§ **The data**
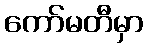
ကော်မတီမှာ
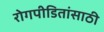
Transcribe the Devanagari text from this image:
रोगपीडितांसाठी
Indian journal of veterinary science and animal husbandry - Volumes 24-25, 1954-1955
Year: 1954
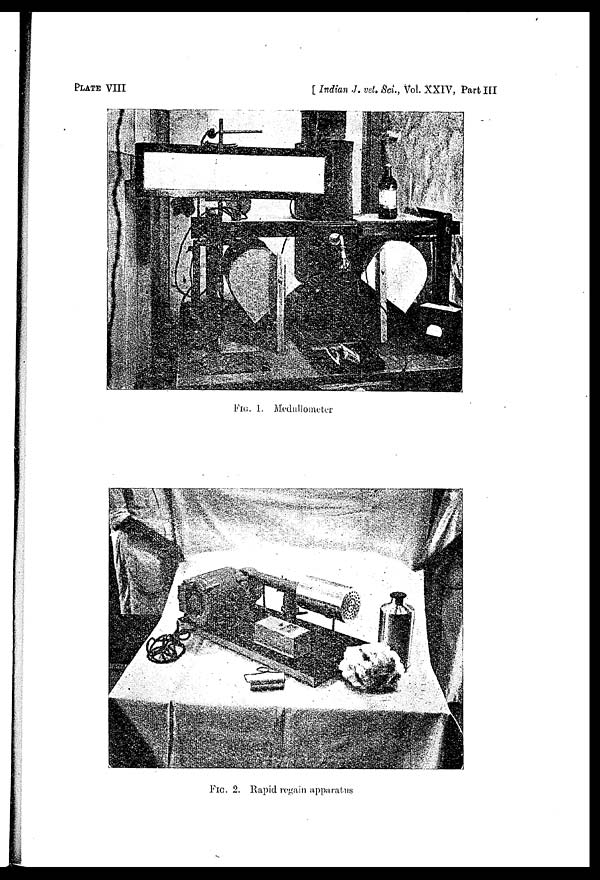
PLATE VIII
[ Indian J. vet. Sci., Vol. XXIV, Part III
FIG. 1. Medullometer
FIG. 2. Rapid regain apparatus
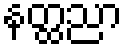
နတ္ထညာ
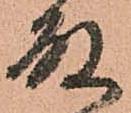
殿
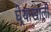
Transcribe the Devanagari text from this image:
घेर्‍याखाली
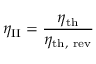
\eta _ { \mathrm { I I } } = { \frac { \eta _ { \mathrm { t h } } } { \eta _ { \mathrm { t h , ~ r e v } } } }
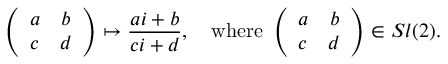
\left( \begin{array} { c c } { { a } } & { { b } } \\ { { c } } & { { d } } \end{array} \right) \mapsto \frac { a i + b } { c i + d } , \quad \mathrm { w h e r e \ } \left( \begin{array} { c c } { { a } } & { { b } } \\ { { c } } & { { d } } \end{array} \right) \in S l ( 2 ) .
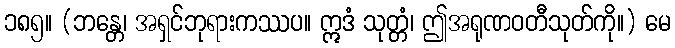
၁၈၅။ (ဘန္တေ၊ အရှင်ဘုရားကဿပ။ ဣဒံ သုတ္တံ၊ ဤအရုဏဝတီသုတ်ကို။) မေ
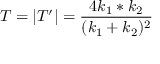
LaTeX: T = | T ^ { \prime } | = { \frac { 4 k _ { 1 } * k _ { 2 } } { ( k _ { 1 } + k _ { 2 } ) ^ { 2 } } }
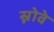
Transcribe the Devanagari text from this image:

§ **Task prompt**
Take the lines from the one holding "LaTeX: T = |" through the final line of the records above and output them exactly, both ends included, excluding pictures.

§ **Solution to this problem**
LaTeX: T = | T ^ { \prime } | = { \frac { 4 k _ { 1 } * k _ { 2 } } { ( k _ { 1 } + k _ { 2 } ) ^ { 2 } } }
Transcribe the Devanagari text from this image:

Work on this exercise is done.